Set every line of the data down again exactly, and keep the pictures out.

(Supplied data Opens)

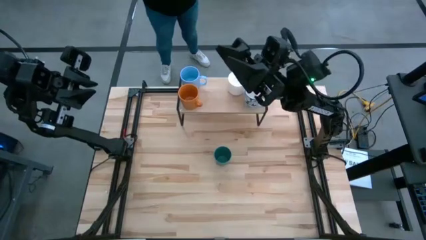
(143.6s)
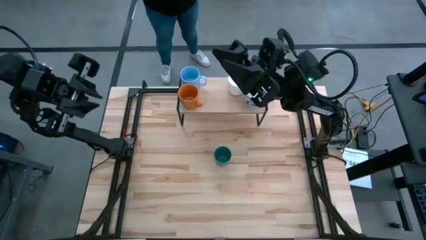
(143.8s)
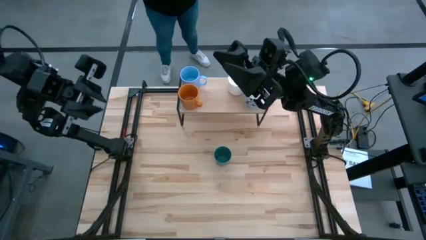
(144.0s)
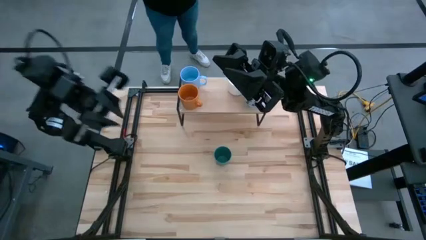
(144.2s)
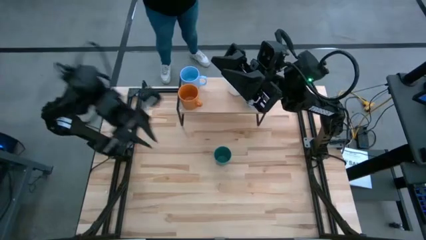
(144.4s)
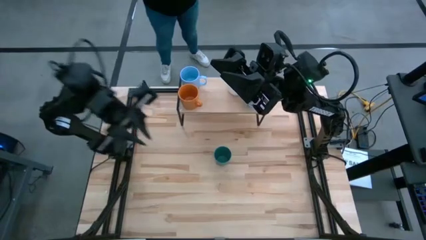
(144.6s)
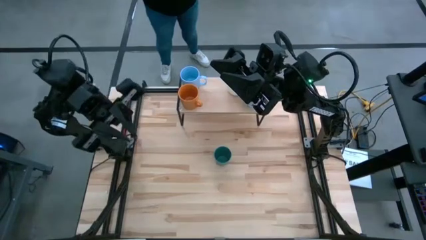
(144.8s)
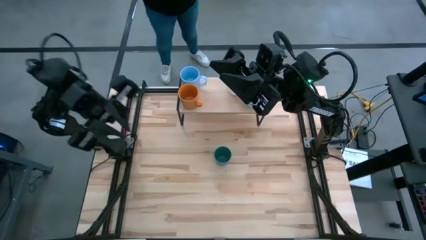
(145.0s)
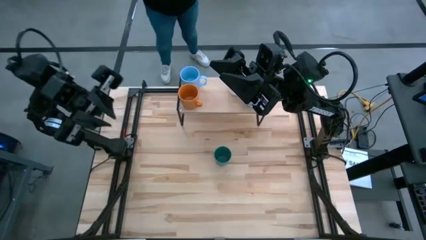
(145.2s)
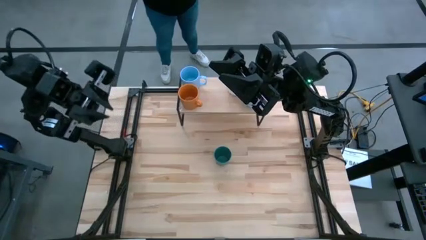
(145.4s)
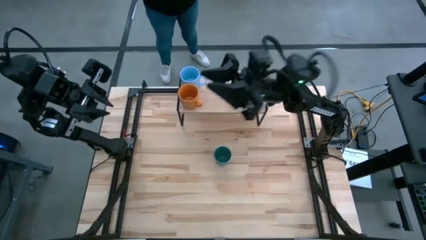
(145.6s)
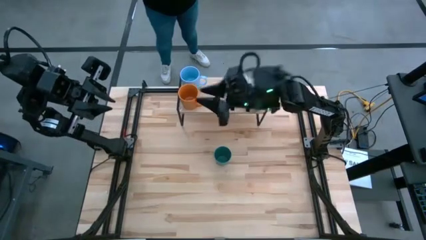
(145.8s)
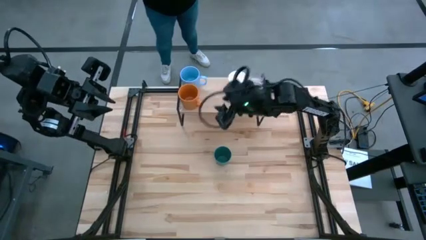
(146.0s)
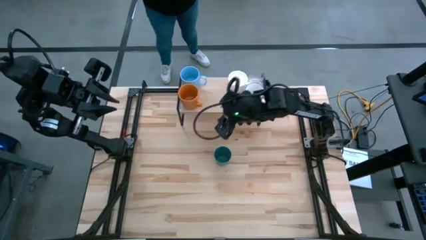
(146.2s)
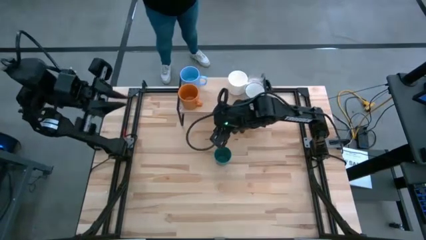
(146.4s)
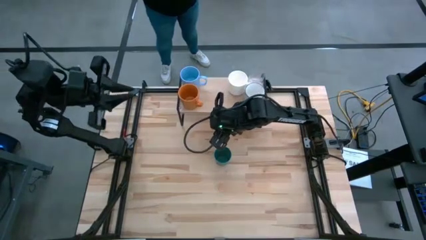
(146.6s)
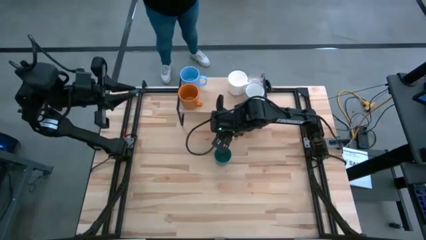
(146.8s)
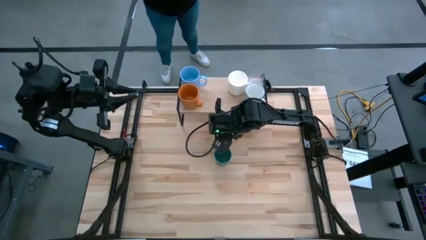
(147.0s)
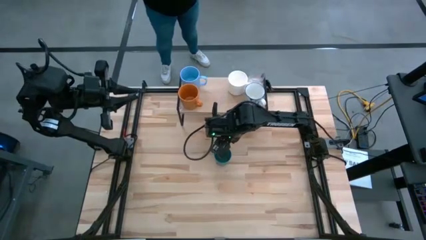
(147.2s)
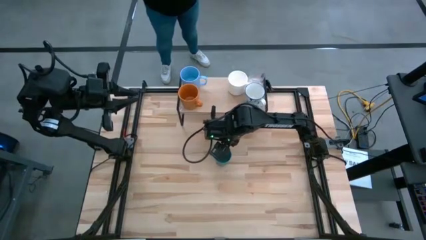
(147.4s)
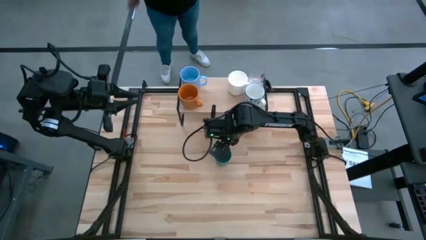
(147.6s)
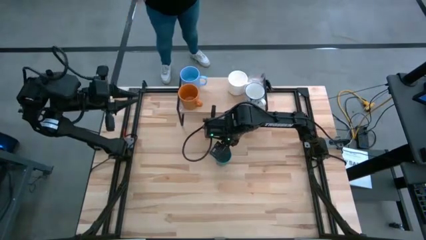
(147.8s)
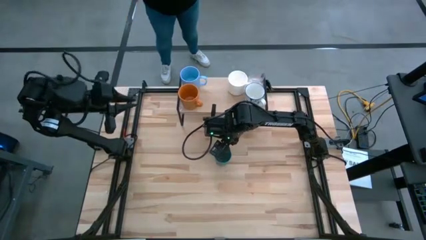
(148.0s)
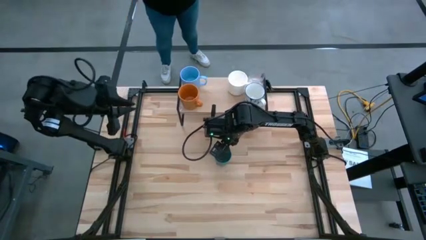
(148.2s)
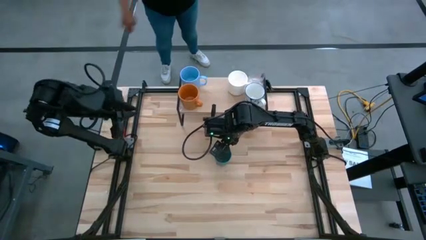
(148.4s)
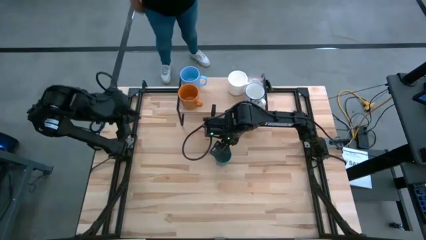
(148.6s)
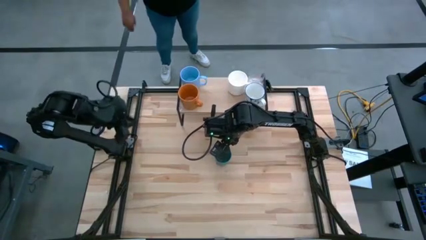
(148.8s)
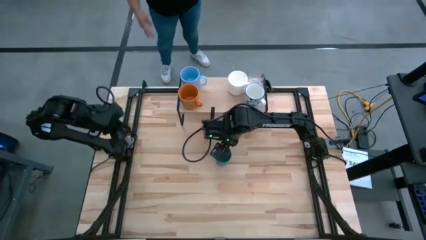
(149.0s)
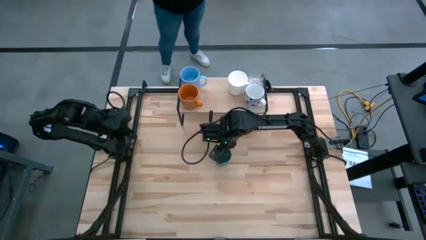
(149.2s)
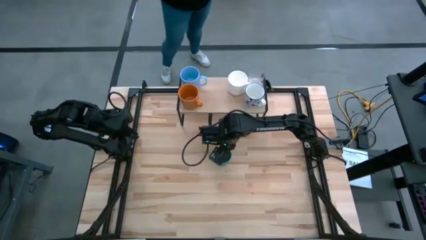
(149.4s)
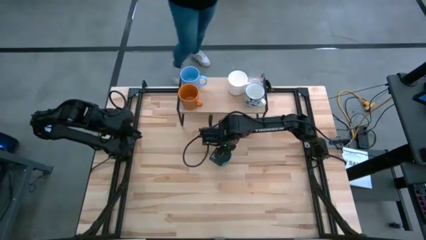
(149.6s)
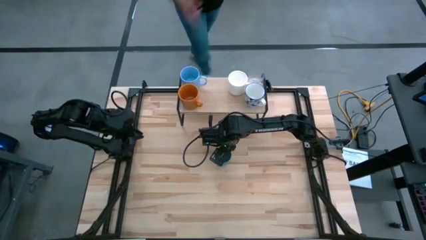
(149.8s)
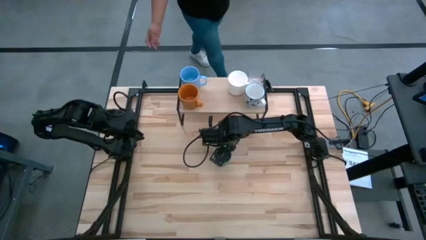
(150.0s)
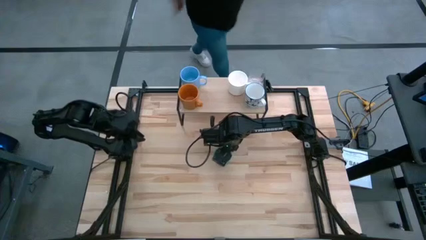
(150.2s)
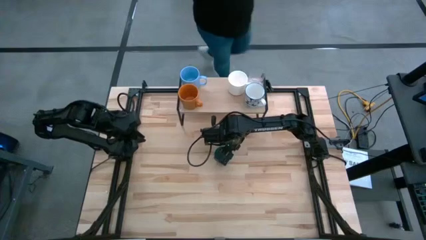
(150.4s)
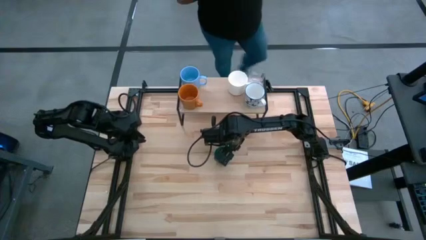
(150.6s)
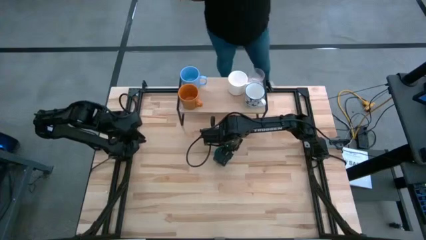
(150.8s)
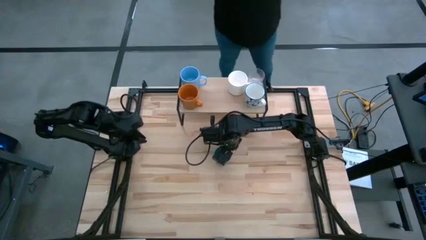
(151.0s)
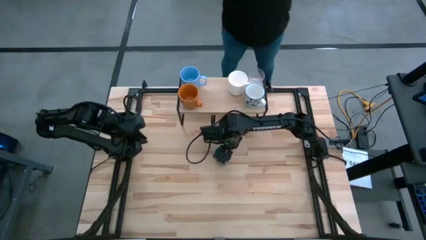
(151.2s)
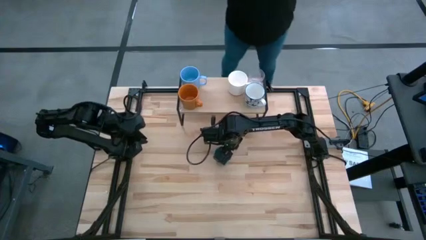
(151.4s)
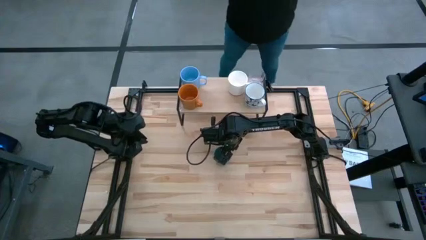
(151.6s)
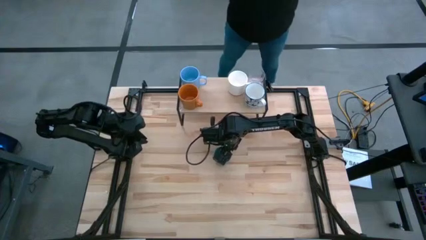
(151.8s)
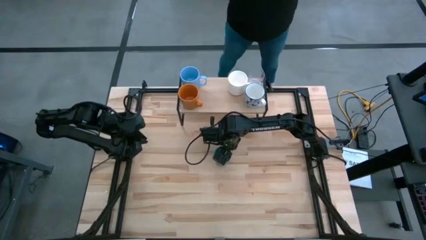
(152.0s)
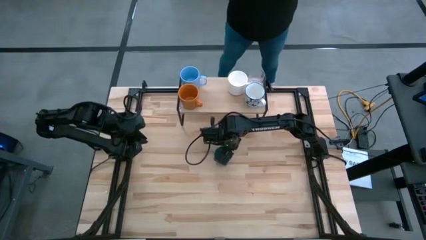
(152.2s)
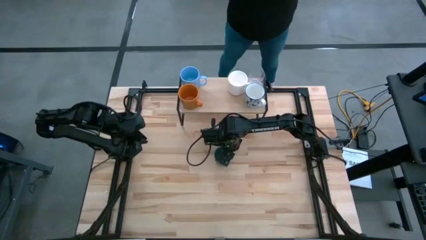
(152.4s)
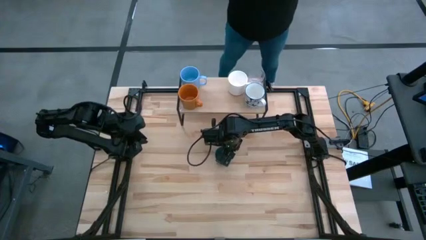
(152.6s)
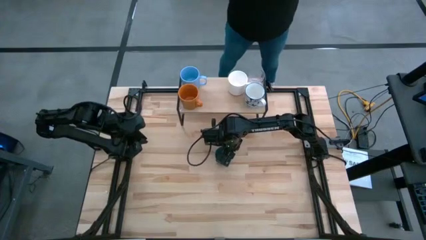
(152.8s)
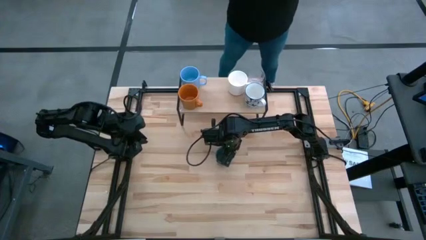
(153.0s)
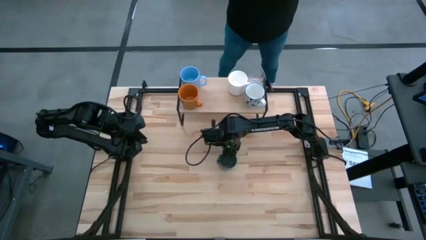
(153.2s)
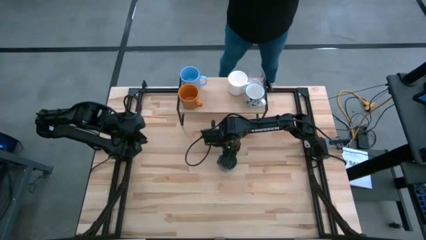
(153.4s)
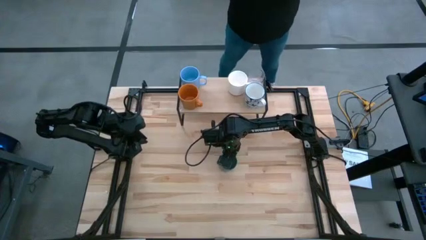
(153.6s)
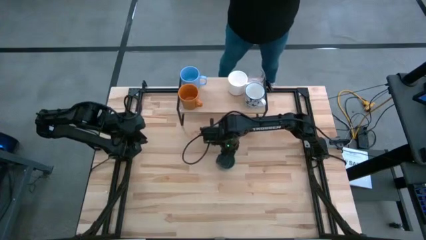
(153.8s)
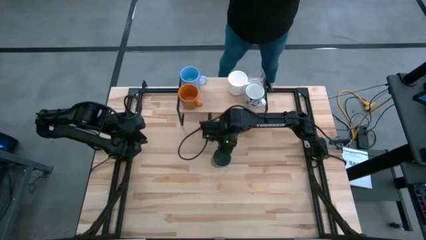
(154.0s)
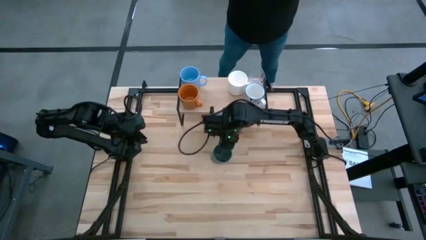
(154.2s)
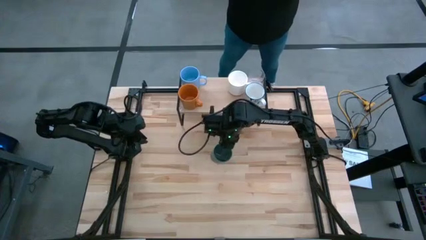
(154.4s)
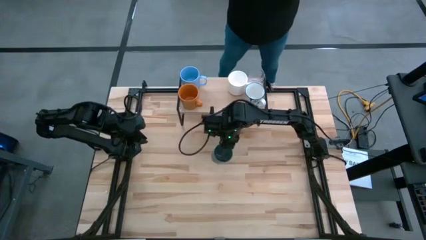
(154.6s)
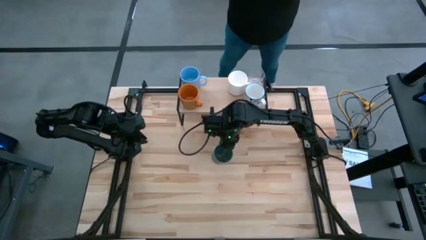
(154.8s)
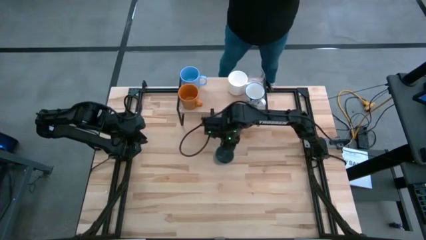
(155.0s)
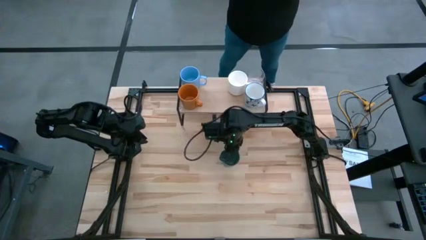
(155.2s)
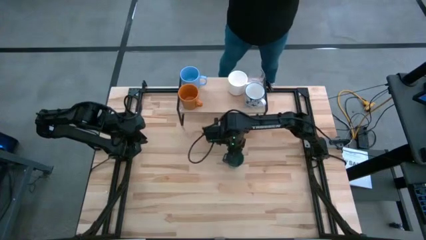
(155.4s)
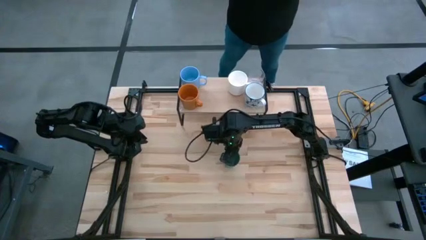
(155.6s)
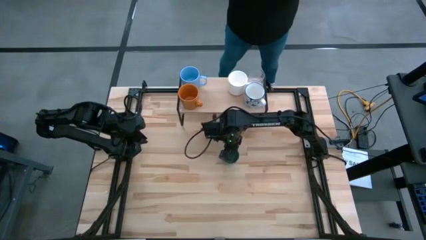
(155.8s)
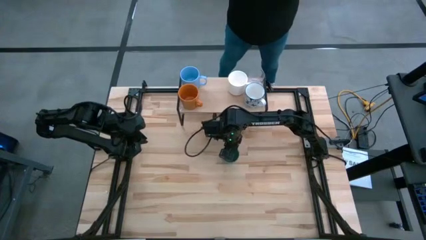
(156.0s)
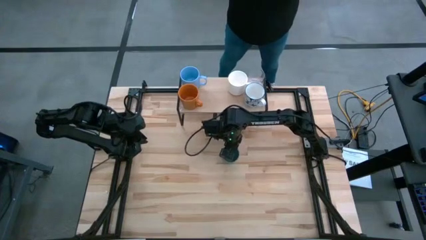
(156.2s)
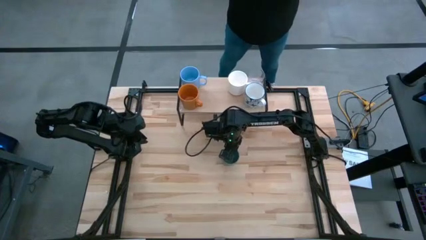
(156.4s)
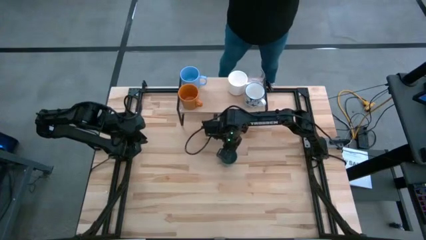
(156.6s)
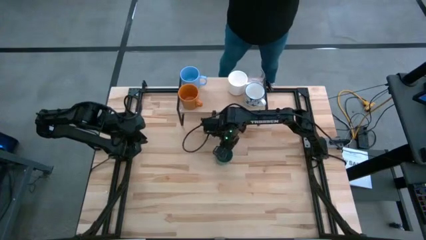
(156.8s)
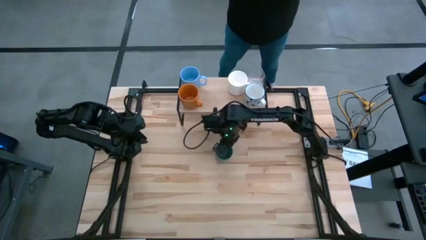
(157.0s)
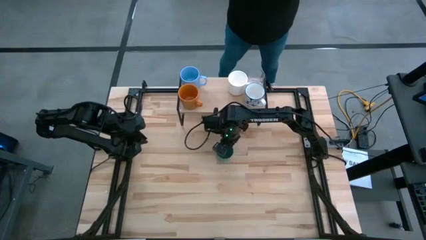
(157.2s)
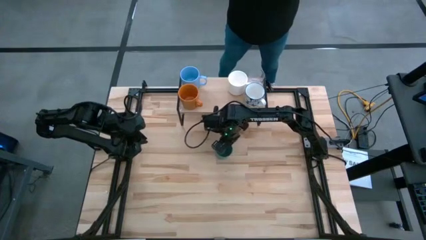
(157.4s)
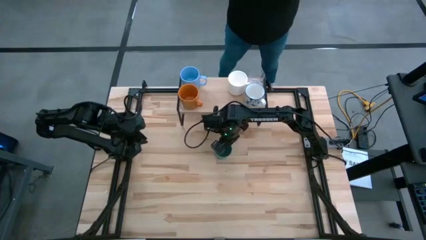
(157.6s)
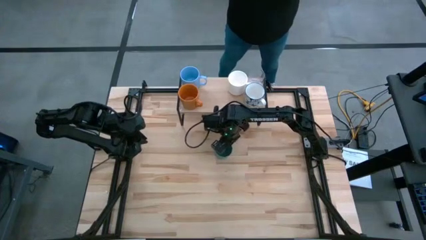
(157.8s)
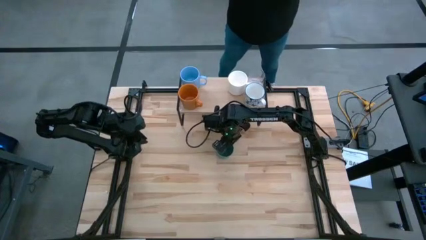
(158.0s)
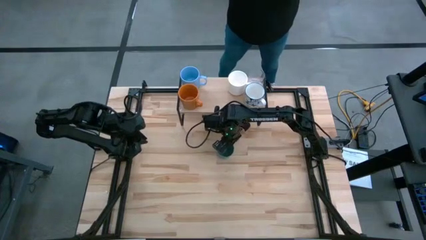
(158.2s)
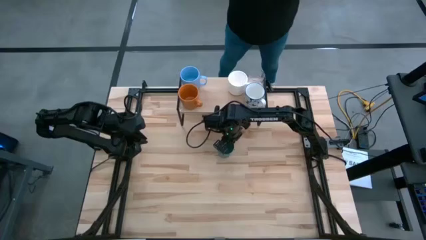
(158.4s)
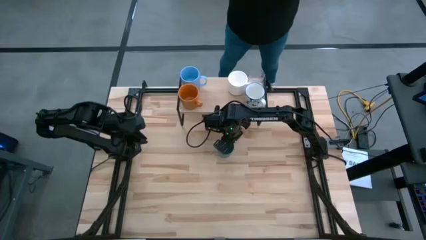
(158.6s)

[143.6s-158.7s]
Task: Stack small to large cups/mugs on shelf
Put the green cup on the shelf

(Supplied data Closes)

— Answer area —
(143.6s)
(143.8s)
(144.0s)
(144.2s)
(144.4s)
(144.6s)
(144.8s)
(145.0s)
(145.2s)
(145.4s)
(145.6s)
(145.8s)
(146.0s)
(146.2s)
(146.4s)
(146.6s)
(146.8s)
(147.0s)
(147.2s)
(147.4s)
(147.6s)
(147.8s)
(148.0s)
(148.2s)
(148.4s)
(148.6s)
(148.8s)
(149.0s)
(149.2s)
(149.4s)
(149.6s)
(149.8s)
(150.0s)
(150.2s)
(150.4s)
(150.6s)
(150.8s)
(151.0s)
(151.2s)
(151.4s)
(151.6s)
(151.8s)
(152.0s)
(152.2s)
(152.4s)
(152.6s)
(152.8s)
(153.0s)
(153.2s)
(153.4s)
(153.6s)
(153.8s)
(154.0s)
(154.2s)
(154.4s)
(154.6s)
(154.8s)
(155.0s)
(155.2s)
(155.4s)
(155.6s)
(155.8s)
(156.0s)
(156.2s)
(156.4s)
(156.6s)
(156.8s)
(157.0s)
(157.2s)
(157.4s)
(157.6s)
(157.8s)
(158.0s)
(158.2s)
(158.4s)
(158.6s)

[143.6s-158.7s]
Task: Stack small to large cups/mugs on shelf
Put the green cup on the shelf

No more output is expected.